PROBLEM STATEMENT »
Transcribe only what runs from the line containing "Post-contrast T1-weighted (T1c)" through the final line below, exactly, and leave every picture out.

EXTRACTED INFORMATION »
.....

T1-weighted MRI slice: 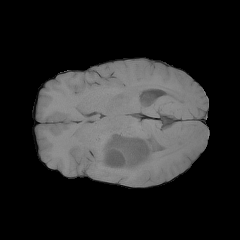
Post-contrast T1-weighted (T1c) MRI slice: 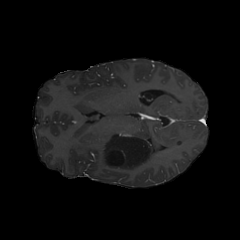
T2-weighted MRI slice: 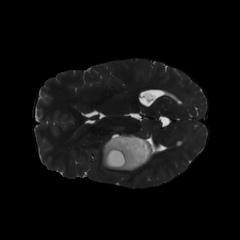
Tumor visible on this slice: yes
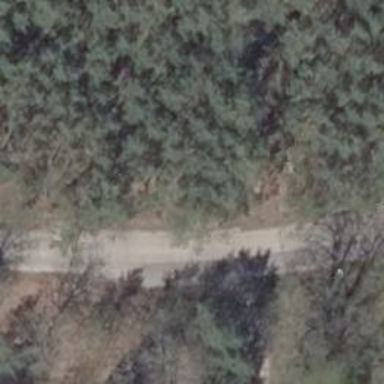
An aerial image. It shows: Unclassified road with concrete surface.
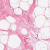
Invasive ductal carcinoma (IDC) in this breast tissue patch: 0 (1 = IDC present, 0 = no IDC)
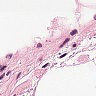
Metastatic tissue present: no
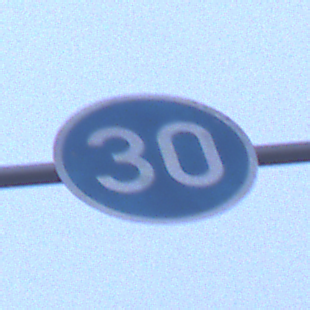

.....

TASK OUTPUT »
Post-contrast T1-weighted (T1c) MRI slice: 
T2-weighted MRI slice: 
Tumor visible on this slice: yes
An aerial image. It shows: Unclassified road with concrete surface.
Invasive ductal carcinoma (IDC) in this breast tissue patch: 0 (1 = IDC present, 0 = no IDC)
Metastatic tissue present: no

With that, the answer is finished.